The fat little boy who had been running round the room and falling over people’s feet now stopped in front of the wolf.
“That’s not your chair!” he said.
“It’s not yours either,” the wolf said.
“You were sitting over there,” the fat l
ittle boy said, pointing.
“Yes, and now I’m sitting here,” the wolf said.
“Why?”
“So that I can look after this baby who’s asleep,” the wolf said, seeing his chance.
“You aren’t looking after it. Its mum told my mum to do that,” the little boy said.
“We can both look after it,” the wolf said.
“You don’t look like someone who looks after babies.”
“Oh, but I am! I often look after babies. I’m very good at it. I look at them and wonder whether they’d be good to fry or . . . I mean, whether they’re going to be good or if they’re likely to cry. Things like that.”
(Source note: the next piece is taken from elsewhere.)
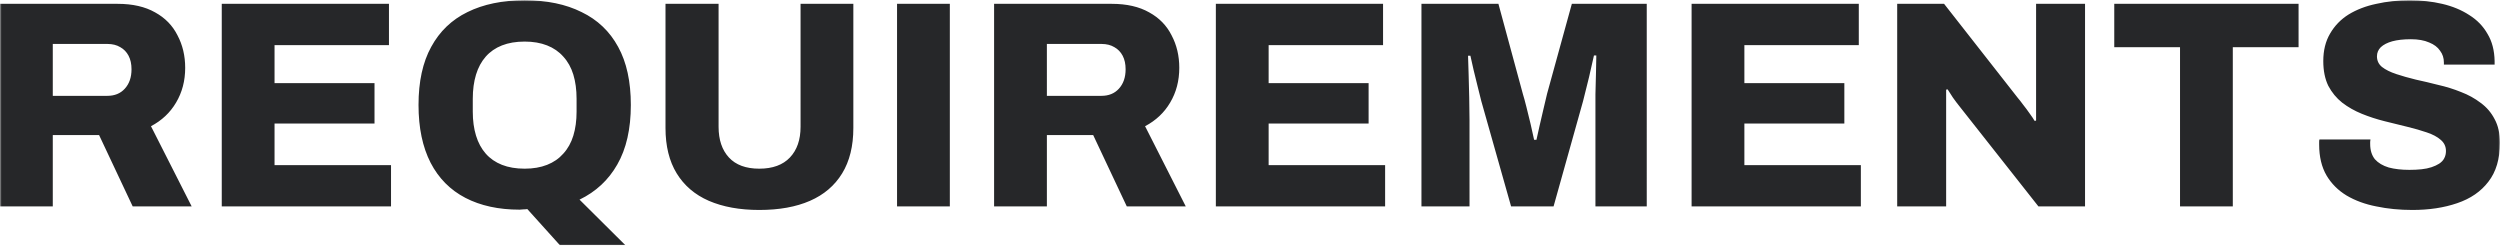 <svg xmlns="http://www.w3.org/2000/svg" width="763" height="75" fill="none"><mask id="a" width="763" height="75" x="0" y="0" maskUnits="userSpaceOnUse" style="mask-type:alpha"><path fill="#D9D9D9" d="M0 0h763v75H0z"/></mask><g fill="#262729" mask="url(#a)"><path d="M736.246 64.08q-5.85 0-10.98-1.08-5.13-.99-9.09-3.33-3.87-2.34-6.12-6.12-2.25-3.87-2.25-9.45v-.81q0-.45.09-.72h15.57q0 .27-.09.72v.63q0 2.88 1.44 4.68 1.53 1.71 4.23 2.52 2.7.72 6.3.72 1.98 0 3.69-.18t3.06-.63 2.34-1.08q1.08-.72 1.53-1.62.54-.99.54-2.25 0-2.07-1.62-3.42-1.53-1.35-4.23-2.25-2.61-.9-5.94-1.71t-6.93-1.71-6.93-2.25-6.03-3.42q-2.61-2.07-4.23-5.13-1.53-3.15-1.53-7.56 0-4.86 2.07-8.37 2.07-3.6 5.67-5.85 3.69-2.25 8.46-3.24 4.77-1.08 10.17-1.08 5.31 0 9.9 1.08 4.68 1.08 8.28 3.42 3.6 2.25 5.58 5.76 2.07 3.42 2.16 8.28v1.08h-15.48v-.63q0-2.07-1.17-3.6-1.08-1.62-3.33-2.52-2.25-.99-5.58-.99t-5.67.63q-2.25.63-3.51 1.8-1.17 1.17-1.17 2.79 0 1.98 1.53 3.24 1.62 1.26 4.32 2.16t6.03 1.71q3.33.72 6.84 1.62 3.6.81 6.93 2.16 3.33 1.26 6.03 3.33 2.7 1.98 4.23 4.95 1.62 2.97 1.62 7.2 0 7.38-3.51 11.88-3.42 4.5-9.54 6.57-6.03 2.07-13.68 2.07M665.343 63V14.4h-20.07V1.17h56.25V14.4h-20.07V63zM579.023 63V1.17h14.31l22.5 28.71q.63.72 1.62 2.07 1.08 1.35 2.07 2.79.99 1.35 1.44 2.16l.45-.09V1.17h14.94V63h-14.22l-23.85-30.24q-1.17-1.44-2.25-2.97-.99-1.53-1.62-2.52l-.45.09V63zM516.274 63V1.17h51.03v12.6h-34.92v11.61h30.51v12.33h-30.51V50.4h35.55V63zM433.828 63V1.17h23.49l7.47 27.54q.45 1.44 1.08 3.96.63 2.43 1.26 5.13t1.08 4.86h.72q.36-1.71.9-4.05.54-2.43 1.17-5.04.63-2.7 1.17-4.95l7.56-27.45h22.86V63h-15.66V28.8q.09-3.96.18-7.2t.09-4.68h-.72q-.27 1.35-.9 3.96-.54 2.52-1.26 5.31-.63 2.7-1.17 4.68l-9 32.13h-12.96l-9.09-32.13-1.08-4.32q-.63-2.52-1.26-5.13-.54-2.61-.99-4.41h-.72q.09 2.34.18 5.76.09 3.33.18 7.02.09 3.6.09 6.84V63zM371.078 63V1.17h51.03v12.6h-34.92v11.61h30.51v12.33h-30.51V50.4h35.55V63zM303.398 63V1.17h35.91q6.84 0 11.43 2.61 4.59 2.52 6.84 7.02 2.34 4.41 2.34 9.9 0 5.94-2.79 10.62-2.7 4.59-7.65 7.2L361.898 63h-18l-10.26-21.78h-14.13V63zm16.11-33.75h16.65q3.33 0 5.31-2.16 2.07-2.25 2.07-5.94 0-2.43-.9-4.14t-2.52-2.61q-1.62-.99-3.96-.99h-16.65zM273.779 63V1.17h16.11V63zM231.731 64.08q-8.91 0-15.39-2.79-6.39-2.79-9.81-8.37t-3.42-13.86V1.17h16.2V38.7q0 5.94 3.15 9.36t9.27 3.42 9.36-3.42 3.24-9.36V1.17h16.11v37.89q0 8.28-3.42 13.86t-9.81 8.37-15.48 2.79M170.84 74.79l-9.9-10.98q-.54.09-1.17.09-.63.09-1.17.09-9.63 0-16.56-3.6t-10.62-10.71q-3.69-7.2-3.69-17.64 0-10.71 3.87-17.73 3.87-7.11 11.07-10.62 7.29-3.6 17.46-3.6t17.37 3.6q7.29 3.51 11.16 10.62 3.87 7.02 3.87 17.73 0 10.98-4.14 18.18-4.05 7.11-11.52 10.71l13.95 13.86zm-10.71-23.31q3.87 0 6.84-1.17t4.95-3.42q2.07-2.25 3.06-5.49t.99-7.29v-3.96q0-4.14-.99-7.38t-3.06-5.49q-1.98-2.25-4.95-3.42t-6.84-1.17q-3.96 0-6.93 1.17t-4.95 3.42-2.97 5.49-.99 7.38v3.96q0 4.05.99 7.29t2.97 5.49 4.95 3.42 6.93 1.17M67.68 63V1.17h51.03v12.6H83.79v11.61h30.51v12.33H83.79V50.4h35.55V63zM0 63V1.17h35.91q6.84 0 11.43 2.61 4.59 2.52 6.84 7.02 2.34 4.41 2.34 9.9 0 5.94-2.79 10.62-2.7 4.59-7.65 7.2L58.5 63h-18L30.24 41.22H16.11V63zm16.11-33.75h16.65q3.33 0 5.31-2.16 2.07-2.25 2.07-5.94 0-2.43-.9-4.14t-2.52-2.61q-1.62-.99-3.96-.99H16.11z"/></g></svg>

“I don’t believe . . .” the little boy had begun to say, when his mother called him. “Bill! Come over here! It’s our turn to go and see the doctor. Hurry, now, or we’ll miss our turn.”
“Aha! My chance has come,” the wolf thought as he saw Bill and his mother leave the waiting room. He put out a paw towards the still sleeping twin, when its mother’s arm came between them.
“It’s all right, I’m back. Thank you so much for looking after her. It’s difficult when you’ve got two at once, isn’t it?” the twins’ mother said, scooping up the spare twin, decanting it into a twin buggy which appeared from nowhere, and wheeling both babies briskly out of the waiting room.
Ten minutes later, the doctor’s voice called, “Mr Wolfe?” and the wolf reluctantly followed the white-coated figure along a passage to the surgery.
“Do sit down. New patient, I think. What seems to be the trouble?” the doctor asked, scribbling on a long white form in front of him.
“Trouble?” the wolf asked.
“WHAT DO YOU NOTICE WRONG?” the doctor said, very loudly and clearly.
“I’m not deaf!” the wolf said indignantly.
“I beg your pardon. I was asking you what seemed to be the trouble?” the doctor asked again.
The wolf did not know what to answer. Could he explain to this sympathetic doctor that the trouble was that he wanted to catch Polly and eat her? Or might this be misunderstood? He said, doubtfully, “I have trouble with a girl. Quite a small one, but I can’t seem to catch her when I want to.”